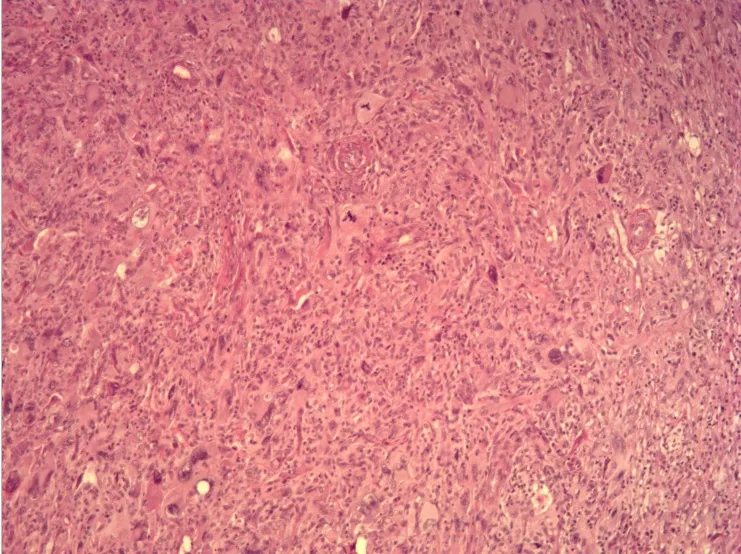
The patient's eighth postoperative pathological analysis (hematoxylin and eosin staining, x100 magnification) showed dedifferentiated liposarcoma, with localized pleomorphic liposarcoma.
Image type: pathology (h&e)
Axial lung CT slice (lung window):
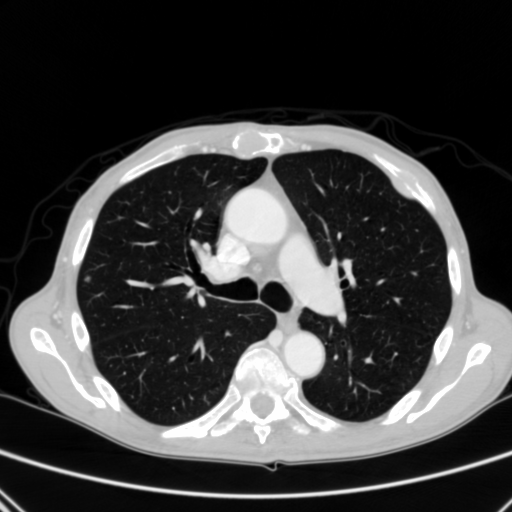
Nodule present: yes
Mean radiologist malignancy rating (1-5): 3
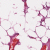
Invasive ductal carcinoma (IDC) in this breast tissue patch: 0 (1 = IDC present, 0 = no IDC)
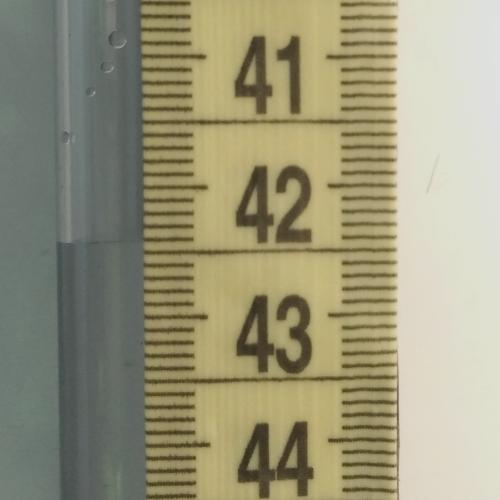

■ ■ ■ ■

> **ASSIGNED TASK**
Once the pictures are set aside, what is needed is the lines from the line with "Mean radiologist malignancy rating (1-5): 3" through the end of the data, written out exactly and alone.

> **EXERCISE ANSWER**
Mean radiologist malignancy rating (1-5): 3
Invasive ductal carcinoma (IDC) in this breast tissue patch: 0 (1 = IDC present, 0 = no IDC)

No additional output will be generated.